All those binaries had in common, that on sucess, they return 0, on error they return 2 and on warning they return 1. Also they would write error messages to the stdout.
For example, to test an tcp port:
./testtcp --url '192.168.0.218' --port '3389'
Or test if a specific string is on a webpage:
./web --containsStr 'Characterization of Selective Autophagy' --url 'https://www.sfb1177.de/' --timeout '10' --code '200'
Now, i’ve written a short “daemon” that connects to grist via its api, get all specific checks + their settings,
call the binaries, send the results back to grist, and voila an actually nice system:
I don’t know yet if i want to explore this idea further but so far it actually works quite good.
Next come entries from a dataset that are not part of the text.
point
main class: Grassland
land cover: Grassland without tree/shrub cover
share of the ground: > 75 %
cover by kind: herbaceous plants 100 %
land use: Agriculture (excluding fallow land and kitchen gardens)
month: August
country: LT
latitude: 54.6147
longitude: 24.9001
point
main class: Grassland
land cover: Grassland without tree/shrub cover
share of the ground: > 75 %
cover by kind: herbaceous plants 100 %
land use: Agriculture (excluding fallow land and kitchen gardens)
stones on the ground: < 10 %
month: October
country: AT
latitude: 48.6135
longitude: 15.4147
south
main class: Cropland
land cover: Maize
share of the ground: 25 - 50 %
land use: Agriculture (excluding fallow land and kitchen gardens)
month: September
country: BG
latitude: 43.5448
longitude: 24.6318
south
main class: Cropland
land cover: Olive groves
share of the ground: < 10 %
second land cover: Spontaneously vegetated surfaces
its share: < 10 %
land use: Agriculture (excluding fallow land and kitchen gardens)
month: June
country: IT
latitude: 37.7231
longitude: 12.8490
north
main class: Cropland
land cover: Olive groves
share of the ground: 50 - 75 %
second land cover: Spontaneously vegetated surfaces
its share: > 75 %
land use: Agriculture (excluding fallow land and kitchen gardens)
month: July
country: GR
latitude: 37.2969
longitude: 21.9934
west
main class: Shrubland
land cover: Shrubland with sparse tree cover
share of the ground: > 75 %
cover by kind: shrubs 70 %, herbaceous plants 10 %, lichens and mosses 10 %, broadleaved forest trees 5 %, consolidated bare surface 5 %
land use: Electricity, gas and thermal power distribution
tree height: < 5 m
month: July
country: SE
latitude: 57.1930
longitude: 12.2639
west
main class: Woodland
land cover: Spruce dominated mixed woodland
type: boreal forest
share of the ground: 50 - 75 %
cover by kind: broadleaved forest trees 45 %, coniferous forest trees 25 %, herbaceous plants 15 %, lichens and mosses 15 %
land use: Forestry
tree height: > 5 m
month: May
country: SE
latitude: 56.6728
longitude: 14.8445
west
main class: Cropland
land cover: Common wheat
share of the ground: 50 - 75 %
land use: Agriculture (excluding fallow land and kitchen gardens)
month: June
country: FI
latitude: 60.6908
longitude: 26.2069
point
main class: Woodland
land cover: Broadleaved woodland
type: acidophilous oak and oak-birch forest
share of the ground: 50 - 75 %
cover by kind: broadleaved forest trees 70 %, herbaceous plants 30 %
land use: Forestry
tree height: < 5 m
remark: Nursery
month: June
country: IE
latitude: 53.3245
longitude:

Edit: The good thing about those small binaries is, you could easily write them, or wrap an existing binary in a shell script, to return those error codes and just call those via the “daemon”, so its easily extendable.
What do you think?
Edit2:
Also the daemon is only 40 lines of Nim code.
import gristapi, json, os, strutils, tables, times
import strformat, osproc, threadpool
var grist = newGristApi(
docId = "<myDocId>",
apiKey = "<myApiKey>",
server = "<myGristServer>"
)
proc doCheck(name, binary, params: string) {.thread.} =
{.gcsafe.}:
let cmd = fmt"./{binary} {params}"
let (output, exitCode) = execCmdEx(command = cmd)
case exitCode
of 0:
echo fmt"[GOOD] {name}"
else:
echo fmt"[BAD!] {name}"
discard grist.addRecords("Checkresults", @[%* {
"check": name,
"exitCode": exitCode,
"stdout": output,
"date": $now(),
"cmd": cmd
}])
let checks = grist.fetchTableAsTable("Checks", filter = %* {"enabled": [true]})
for id, check in checks.pairs:
let name = check["slug"].getStr()
let checkparams = grist.fetchTableAsTable("Checkparams", filter = %* {"check": [id]})
let binary = check["binary"].getStr()
var params = ""
for checkparam in checkparams.values:
let key = checkparam["key"].getStr()
let value = checkparam["value"].getStr()
params &= fmt" --{key} '{value}' "
spawn doCheck(name, binary, params)
sync()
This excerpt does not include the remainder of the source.